OfficeTime shows how sometimes, apps do it better

Aug 12, 2011
Tech

Editor’s Note: Both the free and paid ($7.99) versions of OfficeTime are now available for iPhone and iPad. It’s easy to think of apps as complements to their desktop counterparts. You use the Facebook app when it’s not convenient to be on your laptop, or the Pandora app when you want to listen to music on-the-go. But by […]

Editor’s Note: Both the free and paid ($7.99) versions of OfficeTime are now available for iPhone and iPad.

It’s easy to think of apps as complements to their desktop counterparts. You use the Facebook app when it’s not convenient to be on your laptop, or the Pandora app when you want to listen to music on-the-go.

But by now we should know that many apps can be just as essential as their desktop counterparts. Sometimes it’s easier to get the score of a game by jumping on your iPhone than to wade through your favorite sports website’s myriad of stories to get to the scores page, for instance.

OfficeTime, a time management tracking app set to be released shortly for the iPhone and iPad, could be yet another example of an app that outshines its desktop counterpart.
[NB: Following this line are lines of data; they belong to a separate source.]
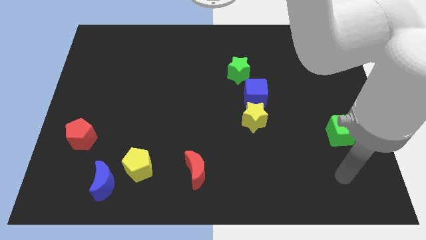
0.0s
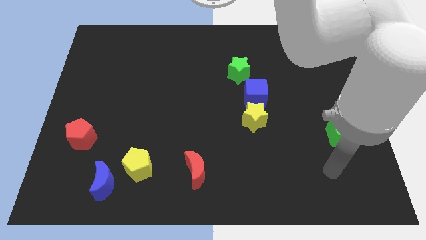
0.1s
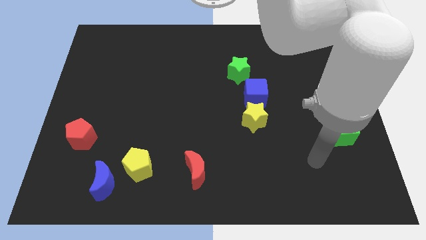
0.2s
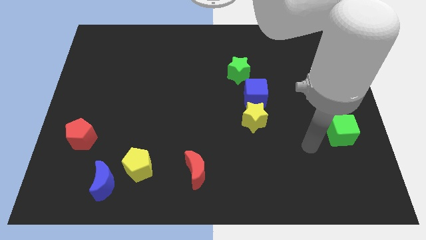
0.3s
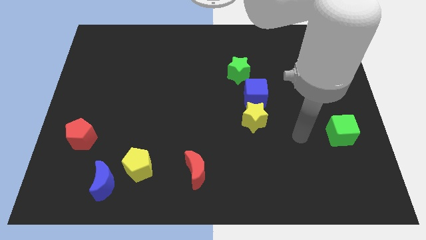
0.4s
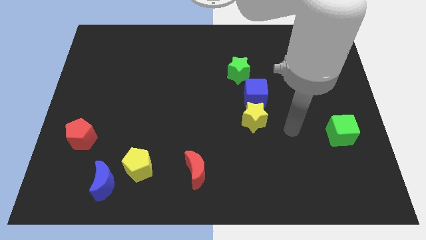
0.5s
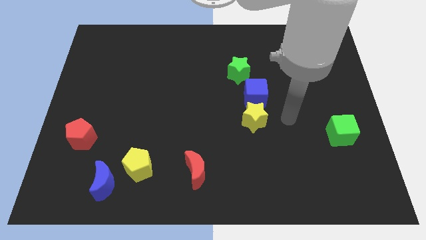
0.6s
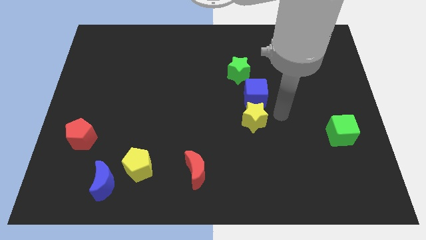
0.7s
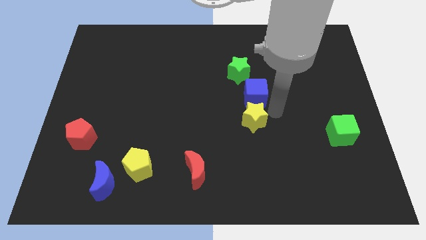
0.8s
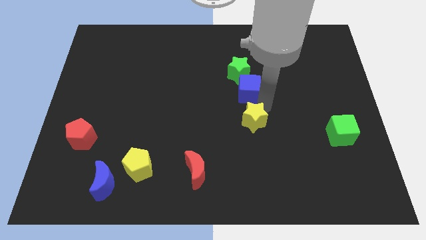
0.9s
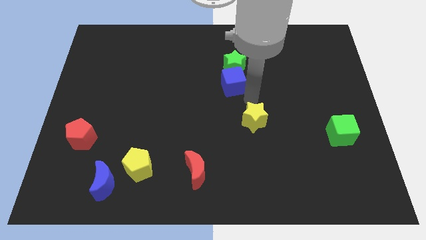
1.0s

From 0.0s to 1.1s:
separate the yellow star from the blue cube

The desktop version, which can be found at officetime.net, offers small offices and freelance professionals the ability to more simply track how their time is being spent. Lawyers and writers can invoice easier or track where they’re spending the majority of their time better, and small teams can see how much time each team member is spending on a given project. You can also log expenses and take notes as needed.

Now, OfficeTime’s desktop client has had time to built up its feature set. Released in 2004, it’s been building towards its current state for seven years, but to me at least, its feature set sounds ideal for the mobile environment. After all, if you’re tracking time, you could be out and about and need to log something quickly without the use of a computer. In this way, OfficeTime, and other organizational apps like it, fare better than their desktop counterparts out of obvious necessity – your iPhone is always with you, your computer may not be.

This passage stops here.